Sabemos dos riscos, das ameaças. Conhecemos todo tipo de situação que afeta e prejudica nosso universo, mas o fato é que ele é mais forte do que os "turistas" supõe.
O verdadeiro BDSM é rico em dignidade, respeito, admiração. O BDSM não é discriminatório, preconceituoso, pequeno. O BDSM não é invejoso, corrupto.
Fatos recentes provam isto, são gestos e mais gestos desta grandeza que falo.
Que não tenham a inocência de supor o contrário, os verdadeiros membros deste nosso universo só reforçam a força do todo, contribuindo para um BDSM são e seguro. É um universo em crescimento, não em tamanho, mas em qualidade. Muito aprendemos aqui, cada um de nós cresce junto, agrega mais, se fortalece como indíviduo e, consequentemente, fortalece o meio.
A gente pode olhar pro BDSM como uma vitrine vistosa, atraente e envolvente. Dá vontade de entrar e viver tudo aquilo. Mas quem consegue ver a essência, consegue entender do que faz parte, estes sim são felizes.
Vi gestos nestas últimas semanas que me deixaram mais orgulhoso de pertencer ao meio, não que eu não esperasse, mas são coisas que renovam nossa fé, nossa alegria de fazer parte deste meio.
Cada um ao seu jeito, de sua maneira como é peculiar ao meio. Muitos só enxergam a vitrine e se engana sobre a verdadeira força dentro de cada um de nós, que juntos formamos um meio ainda mais forte e sólido. Quem se surpreende é pq não foi capaz de entender, vive na periferia se enganando.
Usamos a palavra meio pra definir nosso ambiente, nossas crenças, nossos envolvimentos. O que está no meio é algo que poucos conhecem, vai além da publicidade, das vitrines. Foi uma oportunidade de enxergarem isto, perderem a ingenuidade de que o que se vê, se basta.
Eu gostaria muito de falar de cada gesto, comentar, ilustrar com fatos minhas palavras, mas acho que todos que acompanharam se sentem um pouco como eu, orgulhoso de pertencer ao meio.
Sinceramente, a gente sabe das ameaças, a gente conhece bem o que vem de fora mas, o mais importante, é saber o que temos, o que somos, o meio ao qual pertencemos.
Eu queria agradecer a todos, sem exceção, pelos comentários deixados, pelo apoio dado, pela contribuição deixada. Todos mesmo, pq até quem ataca acaba contribuindo pra fortalecer.
Se não pude agradecer todos de maneira direta, posso compartilhar esta sensação de pertencer e acreditar em algo que se mostra forte cada vez mais, que cresce na virtude de seus membros, os verdadeiros.
Gostaria muito que todos fossem "contaminados" por esta força, estes valores, mas creio que nem o espiríto natalino consiga. :-)
Mas, certamente, vamos prosseguir mais seguros de que somos parte de algo que vale a pena ser vivido, de que não é em vão nossa entrega e convicção.
O bem sempre merecerá mais publicidade. O respeito sempre merecerá mais espaço. A virtude sempre merecerá todos os incentivos.
Agradeço a todos pelo apoio mas, acima de tudo, pela imensa contribuição que deram para esta sensação de orgulho e alegria de fazer parte de algo tão forte e bonito.

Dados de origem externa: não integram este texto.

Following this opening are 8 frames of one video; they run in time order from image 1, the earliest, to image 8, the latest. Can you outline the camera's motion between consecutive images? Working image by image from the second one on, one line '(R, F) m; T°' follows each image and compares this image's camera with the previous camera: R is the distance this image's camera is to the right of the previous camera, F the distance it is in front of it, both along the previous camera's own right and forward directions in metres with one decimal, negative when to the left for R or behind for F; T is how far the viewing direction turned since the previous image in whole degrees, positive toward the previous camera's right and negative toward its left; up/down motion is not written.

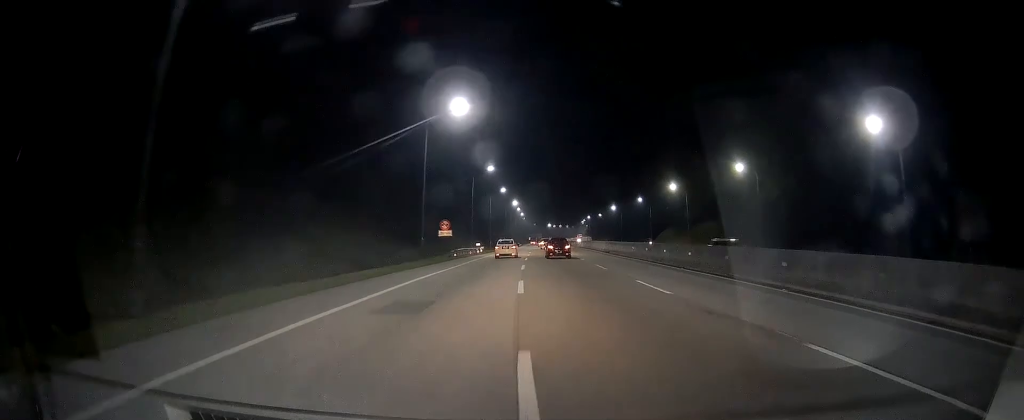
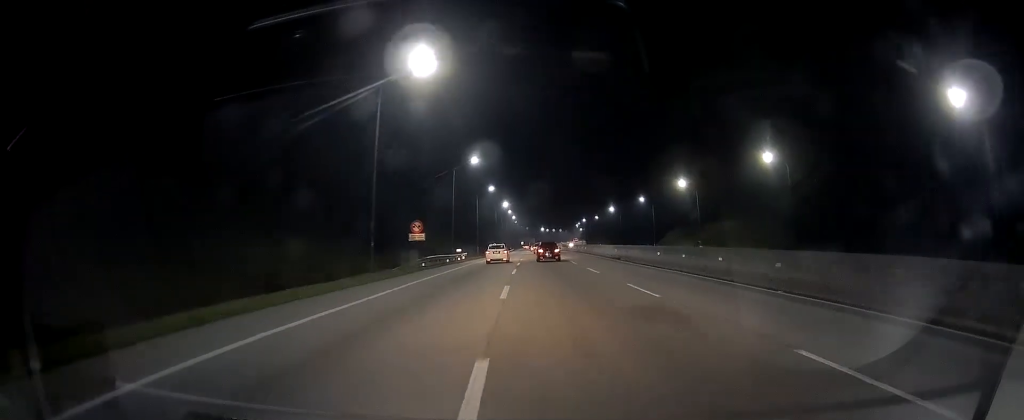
(+0.5, +12.5) m; +2°
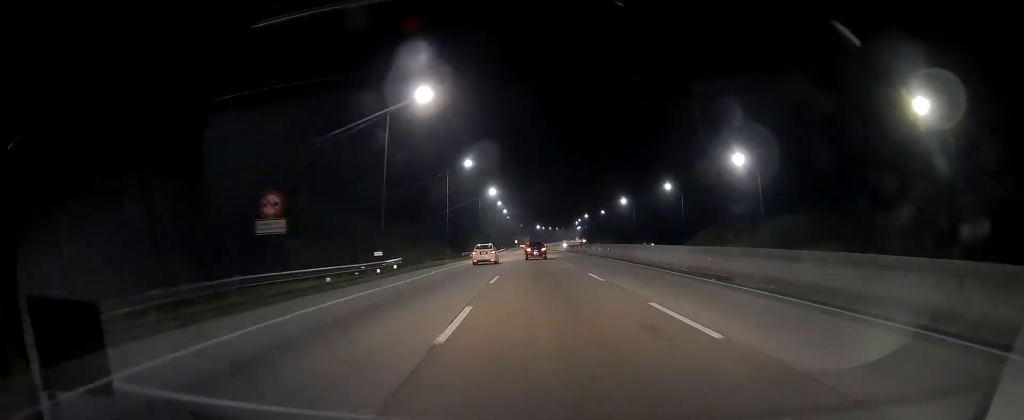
(+0.6, +30.6) m; +1°
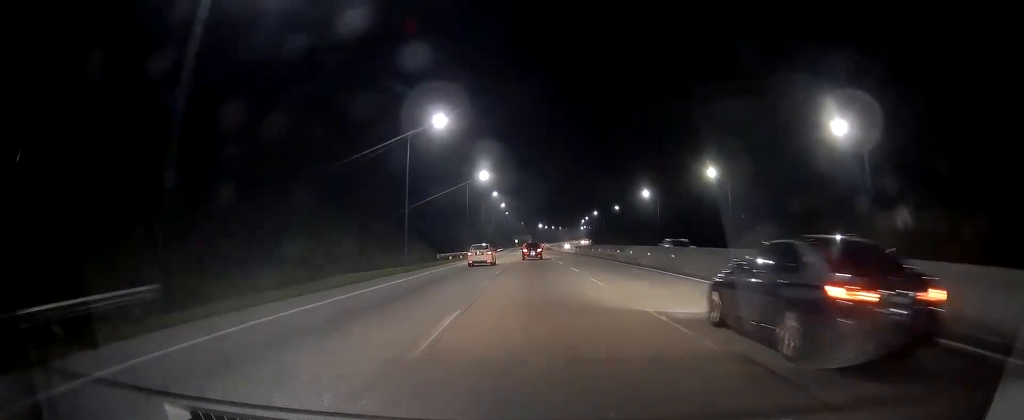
(+0.1, +24.9) m; 0°
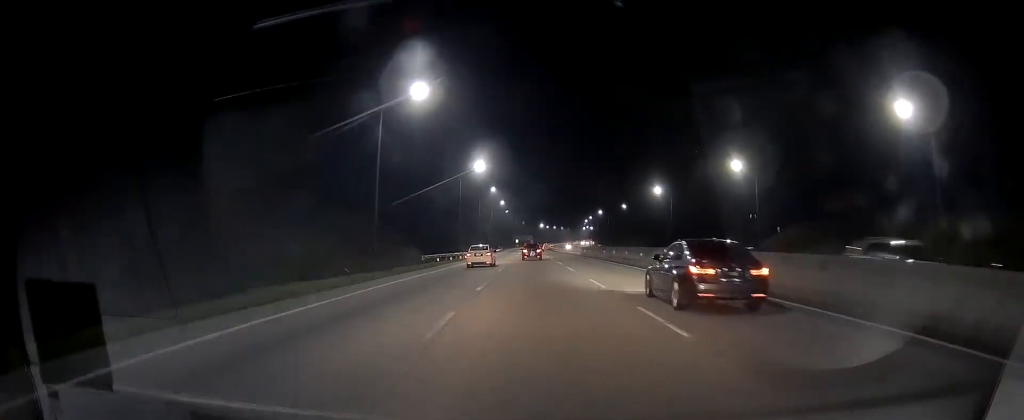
(+0.1, +9.6) m; -1°
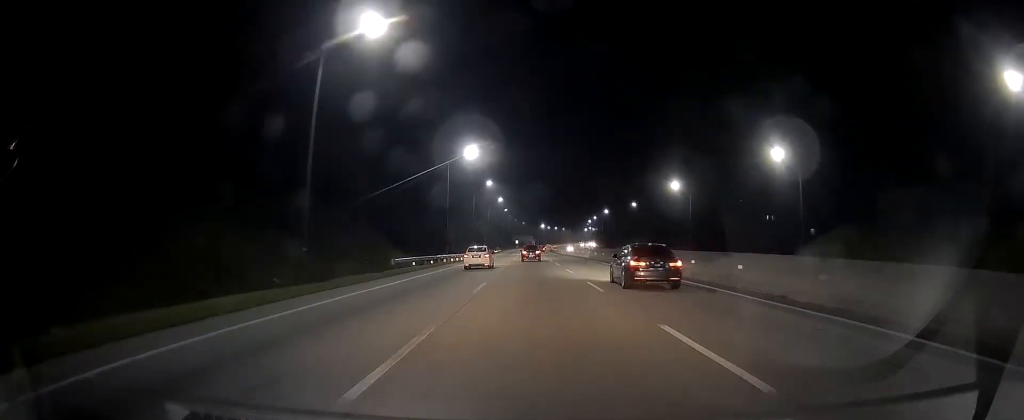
(-0.1, +12.4) m; -1°
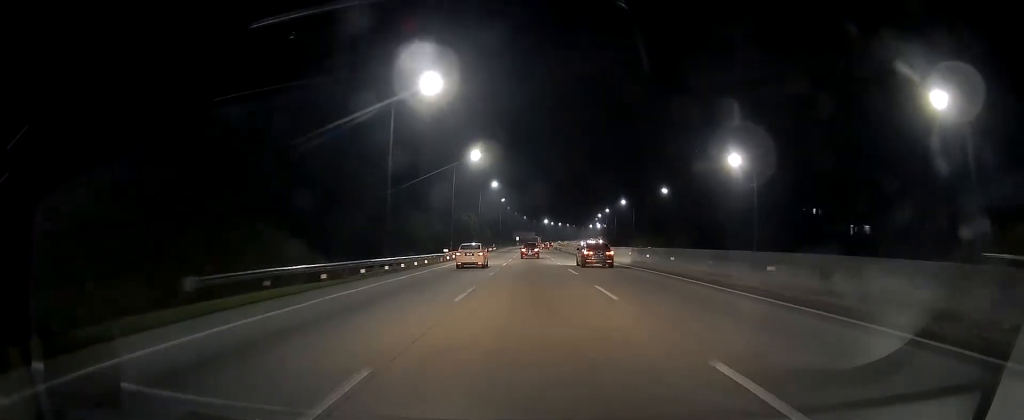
(-0.2, +27.4) m; +2°
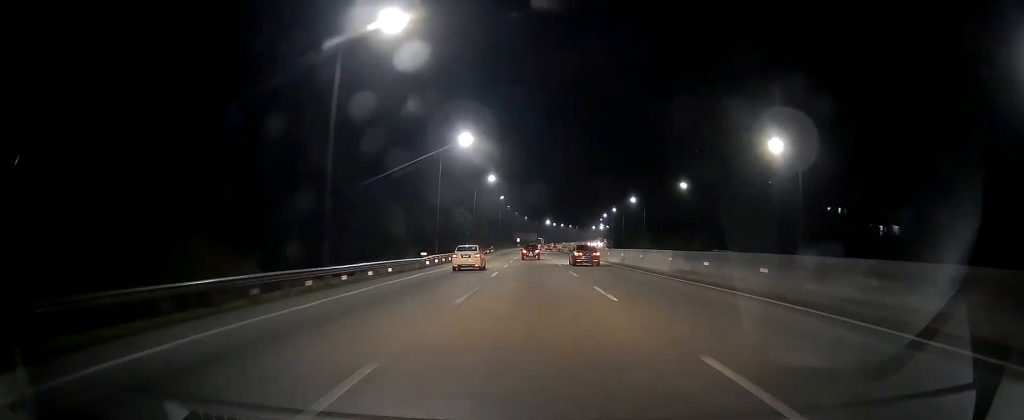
(+0.2, +11.6) m; +1°

quinta-feira, 1 de dezembro de 2011

Reflexão do Dia.

Muito se diz que a sub deve obedecer seu Dono quase cegamente (alguns omitiriam o "quase"). Mas é evidente que a sub deve confiar em seu Dono afinal a entrega pressupõe tal confiança.
Ainda assim, muito se oscila diante da ordem dada, diante da condução do Dono.
Mas se a sub aceitar ser conduzida (apresentada) a um novo universo, não conhecido por ela e que, muitas vezes, modifica a própria leitura da vida baunilha, pq questionar, duvidar, vacilar?
Quando partimos para novas descobertas, precisamos de guia, no BDSM este guia é o Dono, a sub se entrega ao Dom na expectativa de que vai se descortinar um universo novo cheio de novas leituras e abordagens. Mesmo sendo tão claro isto, são frequentes os casos onde a sub trava.
Para facilitar a reflexão, vamos eliminar da equação as relações oportunistas, maldosas e que não seguem os preceitos BDSM, nesses casos não é rebeldia e sim bom senso.
Existem as respostas fáceis: medo, insegurança, cultura, aprendizado, erro de condução, erro de leitura, circunstâncias, etc. Apesar de serem fáceis, não significa que não são verdadeiras, mas o intuito é ir mais longe, se aprofundar mais.
Afinal, o que faz uma sub travar diante de uma ordem/condução do Dono?